Federal investigators and prosecutors are calling yesterday's third indictment of Gonzalez a coup for the government.

The latest indictment is far from the Miami man's first brush with the law.

Gonzalez, who is being held in a detention center in Brooklyn, N.Y., was indicted in the Eastern District of New York on May 12, 2008, and the District of Massachusetts on August 5, 2008, on charges related to separate data breaches at TJX Companies, Dave & Busters, BJ's Wholesale Club, OfficeMax, Boston Market, Barnes & Noble, Sports Authority, Forever 21 and DSW. Before the Heartland hack was disclosed, the TJX breach had been considered the largest ever, with 45.6 million credit and debit card numbers stolen.

Gonzalez had became an informant for the U.S. Secret Service after his 2003 arrest in New Jersey on on charges of ATM and debit card fraud, according to an official at the U.S. Department of Justice, who asked not to be named.

In 2004, Gonzalez provided information that helped the U.S. Attorney's Office in Newark, N.J. bust up what at the time was one of the largest online centers for stolen identity and credit card information. The online underground marketplace, dubbed the Shadowcrew group was charged with trafficking more than 1.5 million stolen credit and ATM card numbers.

Twenty-eight people were arrested and 27 pled guilty in connection with that incident. One man fled and became a fugitive.

Scott Christie, a former federal prosecutor who now leads the information technology group at law firm McCarter & English LLP, said it is clear that Gonzalez had been a leader of the Shadowcrew ring. Christie, who worked as a prosecutor on the Shadowcrew case, would not comment on any work that Gonzalez may have done for the government or why he was not arrested for his alleged role in the ring.

The DOJ official did confirm that Gonzalez acted as an informant in the case. However, according to this week's indictment, Gonzalez was allegedly continuing to work as a criminal hacker at the same time he was cooperating with the government.

The fact that federal authorities were unable to prevent Gonzales from carrying out the attacks on Heartland, Hannaford and other retailers despite his previous record speaks both to his tenacity and his apparently extensive ring of accomplices, said Avivah Litan, an analyst at Gartner Inc.

"Gonzalez appears unstoppable, and likely has many cronies lined up to help him in his endeavors," she said.

Assistant U.S. Attorney Erez Liebermann, who is prosecuting the case against Gonzalez in New Jersey, said that in addition to his alleged hacking skills, Gonzalez is a great organizer. He noted that Gonzalez is alleged to have worked with a different crew in each of the three incidents he's been indicted for.
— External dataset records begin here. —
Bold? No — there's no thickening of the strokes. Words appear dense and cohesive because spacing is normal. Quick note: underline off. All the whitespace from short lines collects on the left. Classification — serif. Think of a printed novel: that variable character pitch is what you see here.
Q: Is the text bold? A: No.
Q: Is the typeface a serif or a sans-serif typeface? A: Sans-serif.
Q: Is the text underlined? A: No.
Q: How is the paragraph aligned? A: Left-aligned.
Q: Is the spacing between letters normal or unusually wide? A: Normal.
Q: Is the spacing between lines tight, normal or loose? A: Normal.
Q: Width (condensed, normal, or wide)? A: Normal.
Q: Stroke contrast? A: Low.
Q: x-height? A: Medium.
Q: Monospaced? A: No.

He is alleged to have worked with one crew to hack into Heartland and Hannaford systems, another in the TJX attack and yet another to illegally access data from Dave & Busters and other New York-based businesses.

"He was a person capable of hacking and then bringing people together to complete the task at hand," said Liebermann.
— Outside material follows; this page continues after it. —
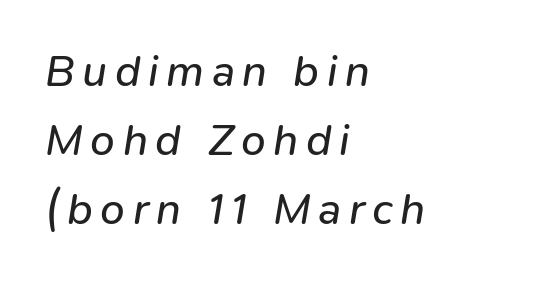
The lines in this sample share a left origin and differ only in where they stop. Letters have the restrained weight of plain body copy at most. The rendering applies a slant to the glyphs. These lines sit exactly where default settings would place them.

Christie said that Gonzalez clearly had "his hand in many pies."

"He seems to be the Bernie Madoff of online data theft," said Christie. "If it's all true, he would be one of the most prolific of the online data thieves that we know about. [The indictments] certainly are a big deal for consumers who charge purchases on their debit and credit cards every day. It's definitely good news for people who want to keep their good credit."

Richard Wang, manager of SophosLabs U.S., said that online data theft, especially in cases as massive as Heartland, Hannaford and TJX, take great coordination and that stopping them requires law enforcement to shut down the criminal organizations coordinating hacks.